Les propriétaires sont dès cette époque très divers : un petit-fils de Ferdinand de Lesseps a acheté une péniche en Hollande et s'est amarré près du pont d'Iéna, un photographe a choisi un voilier de 1920 qui cabotait en mer du Nord entre les ports belges (et qui fut motorisé vers 1930) pour l'amarrer au port Debilly. Citons aussi le dessinateur Folon qui habita le Blue Shadow près du pont d'Iéna, etc. Un tiers des gens qui habitent aujourd'hui le long de nos berges arrivèrent à cette époque. Parmi ceux qui sont venus depuis, beaucoup recherchaient une maison de campagne à Paris et l'ont trouvée sur les berges de la Seine, sans les inconvénients que connaissent les habitants des pavillons de banlieue.
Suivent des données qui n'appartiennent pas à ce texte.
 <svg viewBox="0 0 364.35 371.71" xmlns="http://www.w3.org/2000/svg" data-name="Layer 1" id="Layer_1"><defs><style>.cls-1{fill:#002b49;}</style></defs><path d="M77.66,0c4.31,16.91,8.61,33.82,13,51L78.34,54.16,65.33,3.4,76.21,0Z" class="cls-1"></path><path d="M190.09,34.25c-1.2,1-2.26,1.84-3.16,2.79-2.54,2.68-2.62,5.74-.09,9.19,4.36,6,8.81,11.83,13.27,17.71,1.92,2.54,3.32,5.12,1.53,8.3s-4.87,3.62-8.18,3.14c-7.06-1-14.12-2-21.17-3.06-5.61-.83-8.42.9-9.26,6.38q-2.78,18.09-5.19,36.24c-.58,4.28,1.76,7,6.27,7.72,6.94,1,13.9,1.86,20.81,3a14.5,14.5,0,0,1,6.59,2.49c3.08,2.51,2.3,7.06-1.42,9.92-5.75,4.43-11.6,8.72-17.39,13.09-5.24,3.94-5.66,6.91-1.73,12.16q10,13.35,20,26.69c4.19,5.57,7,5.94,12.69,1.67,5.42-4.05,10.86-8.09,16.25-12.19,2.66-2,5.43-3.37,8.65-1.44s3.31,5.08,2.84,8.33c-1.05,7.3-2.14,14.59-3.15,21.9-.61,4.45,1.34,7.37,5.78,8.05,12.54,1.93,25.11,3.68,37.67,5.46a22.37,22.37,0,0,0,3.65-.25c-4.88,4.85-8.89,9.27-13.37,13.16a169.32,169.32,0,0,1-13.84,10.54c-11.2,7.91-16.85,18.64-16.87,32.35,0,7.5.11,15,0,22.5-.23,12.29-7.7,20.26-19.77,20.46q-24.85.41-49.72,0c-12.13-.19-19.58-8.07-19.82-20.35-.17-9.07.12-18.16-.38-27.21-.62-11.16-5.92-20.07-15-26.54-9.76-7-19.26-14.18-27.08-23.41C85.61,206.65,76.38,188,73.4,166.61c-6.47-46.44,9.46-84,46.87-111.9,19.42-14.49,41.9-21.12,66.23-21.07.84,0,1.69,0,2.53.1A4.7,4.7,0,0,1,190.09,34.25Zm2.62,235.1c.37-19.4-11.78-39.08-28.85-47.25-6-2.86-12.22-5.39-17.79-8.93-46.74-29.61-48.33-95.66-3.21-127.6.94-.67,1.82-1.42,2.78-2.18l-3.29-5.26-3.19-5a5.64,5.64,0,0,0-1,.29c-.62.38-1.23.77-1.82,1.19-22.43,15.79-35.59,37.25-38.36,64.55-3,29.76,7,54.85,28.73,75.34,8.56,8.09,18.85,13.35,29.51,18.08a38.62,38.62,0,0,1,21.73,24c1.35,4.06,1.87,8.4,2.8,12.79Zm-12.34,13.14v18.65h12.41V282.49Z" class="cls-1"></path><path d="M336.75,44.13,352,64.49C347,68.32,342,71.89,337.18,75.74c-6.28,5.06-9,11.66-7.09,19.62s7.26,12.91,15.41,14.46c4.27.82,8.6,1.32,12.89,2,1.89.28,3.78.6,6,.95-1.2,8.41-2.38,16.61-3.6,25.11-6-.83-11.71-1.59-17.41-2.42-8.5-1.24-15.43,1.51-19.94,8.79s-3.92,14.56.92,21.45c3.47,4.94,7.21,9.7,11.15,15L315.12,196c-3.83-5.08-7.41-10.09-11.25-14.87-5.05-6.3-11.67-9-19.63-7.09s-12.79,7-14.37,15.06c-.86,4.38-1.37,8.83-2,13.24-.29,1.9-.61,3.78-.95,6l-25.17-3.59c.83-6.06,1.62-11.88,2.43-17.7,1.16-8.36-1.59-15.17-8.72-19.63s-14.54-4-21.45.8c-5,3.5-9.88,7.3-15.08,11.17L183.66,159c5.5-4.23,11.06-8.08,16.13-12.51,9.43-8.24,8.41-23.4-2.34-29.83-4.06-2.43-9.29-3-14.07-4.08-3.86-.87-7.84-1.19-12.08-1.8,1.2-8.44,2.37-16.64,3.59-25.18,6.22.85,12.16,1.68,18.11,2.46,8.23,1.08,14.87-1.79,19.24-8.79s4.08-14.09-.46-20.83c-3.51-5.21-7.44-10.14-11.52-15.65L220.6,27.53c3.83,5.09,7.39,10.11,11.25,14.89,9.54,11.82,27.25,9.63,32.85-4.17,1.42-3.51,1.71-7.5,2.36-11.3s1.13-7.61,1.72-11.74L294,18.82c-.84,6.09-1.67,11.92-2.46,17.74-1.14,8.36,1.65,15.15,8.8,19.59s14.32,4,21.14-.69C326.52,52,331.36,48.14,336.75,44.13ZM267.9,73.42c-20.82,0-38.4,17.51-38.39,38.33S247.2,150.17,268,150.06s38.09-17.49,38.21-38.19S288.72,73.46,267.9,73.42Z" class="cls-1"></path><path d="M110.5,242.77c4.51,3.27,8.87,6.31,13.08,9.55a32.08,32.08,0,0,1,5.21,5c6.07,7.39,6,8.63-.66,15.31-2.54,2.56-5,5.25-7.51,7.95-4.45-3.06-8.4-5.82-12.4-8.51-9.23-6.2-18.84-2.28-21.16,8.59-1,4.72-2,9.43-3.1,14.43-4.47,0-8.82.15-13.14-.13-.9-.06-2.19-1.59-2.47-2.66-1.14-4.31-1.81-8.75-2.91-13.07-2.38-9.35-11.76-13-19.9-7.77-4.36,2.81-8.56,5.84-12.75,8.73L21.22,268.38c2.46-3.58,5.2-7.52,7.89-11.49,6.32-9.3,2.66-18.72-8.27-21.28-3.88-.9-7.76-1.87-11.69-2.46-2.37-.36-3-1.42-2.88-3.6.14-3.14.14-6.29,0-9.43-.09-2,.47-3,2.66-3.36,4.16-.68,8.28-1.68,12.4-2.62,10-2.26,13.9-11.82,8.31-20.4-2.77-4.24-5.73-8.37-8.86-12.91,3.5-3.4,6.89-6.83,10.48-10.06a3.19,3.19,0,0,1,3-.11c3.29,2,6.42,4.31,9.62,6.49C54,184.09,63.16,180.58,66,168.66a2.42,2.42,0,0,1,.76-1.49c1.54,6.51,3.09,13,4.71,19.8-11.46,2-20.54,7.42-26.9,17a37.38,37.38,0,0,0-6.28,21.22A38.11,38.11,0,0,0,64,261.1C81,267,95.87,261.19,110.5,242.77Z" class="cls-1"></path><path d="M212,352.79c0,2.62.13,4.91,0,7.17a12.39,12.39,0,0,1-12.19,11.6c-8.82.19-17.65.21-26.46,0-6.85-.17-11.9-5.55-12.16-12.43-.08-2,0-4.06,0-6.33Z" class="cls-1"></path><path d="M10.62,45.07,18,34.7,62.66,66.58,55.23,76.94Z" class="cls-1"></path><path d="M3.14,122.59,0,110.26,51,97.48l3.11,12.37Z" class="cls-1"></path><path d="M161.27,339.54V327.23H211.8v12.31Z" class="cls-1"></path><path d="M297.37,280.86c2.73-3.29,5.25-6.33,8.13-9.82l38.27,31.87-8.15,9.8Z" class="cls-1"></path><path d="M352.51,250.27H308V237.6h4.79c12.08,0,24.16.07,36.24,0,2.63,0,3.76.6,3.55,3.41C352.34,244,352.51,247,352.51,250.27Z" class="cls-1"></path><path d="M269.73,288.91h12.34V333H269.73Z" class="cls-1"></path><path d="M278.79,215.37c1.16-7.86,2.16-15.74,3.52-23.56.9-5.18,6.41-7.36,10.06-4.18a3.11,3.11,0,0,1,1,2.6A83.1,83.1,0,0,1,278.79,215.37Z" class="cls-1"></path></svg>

Peu à peu l'administration veut mettre de l'ordre dans cette occupation sauvage des berges dans le bassin parisien, mais dès 1975 les propriétaires de bateaux-logements se regroupent au sein de l'Association de Défense de l'Habitat Fluvial (ADHF) ; en fonction des problèmes, des associations locales se créent et l'ADHF devient la fédération française. Il faut attendre 1994 pour voir l'adoption d'un cadre réglementaire de la domanialité publique gérée par les Voies Navigables de France qui délèguent une partie de leurs pouvoirs, pour Paris intra-muros, au Port Autonome de Paris. Aujourd'hui, tout bateau doit signer une convention d'occupation temporaire, payer une redevance mensuelle et acquitter la taxe d'habitation et d'enlèvement des ordures. En échange, il peut être raccordé à l'eau, l'électricité, le téléphone et bénéficier du service du courrier sur les quais aménagés.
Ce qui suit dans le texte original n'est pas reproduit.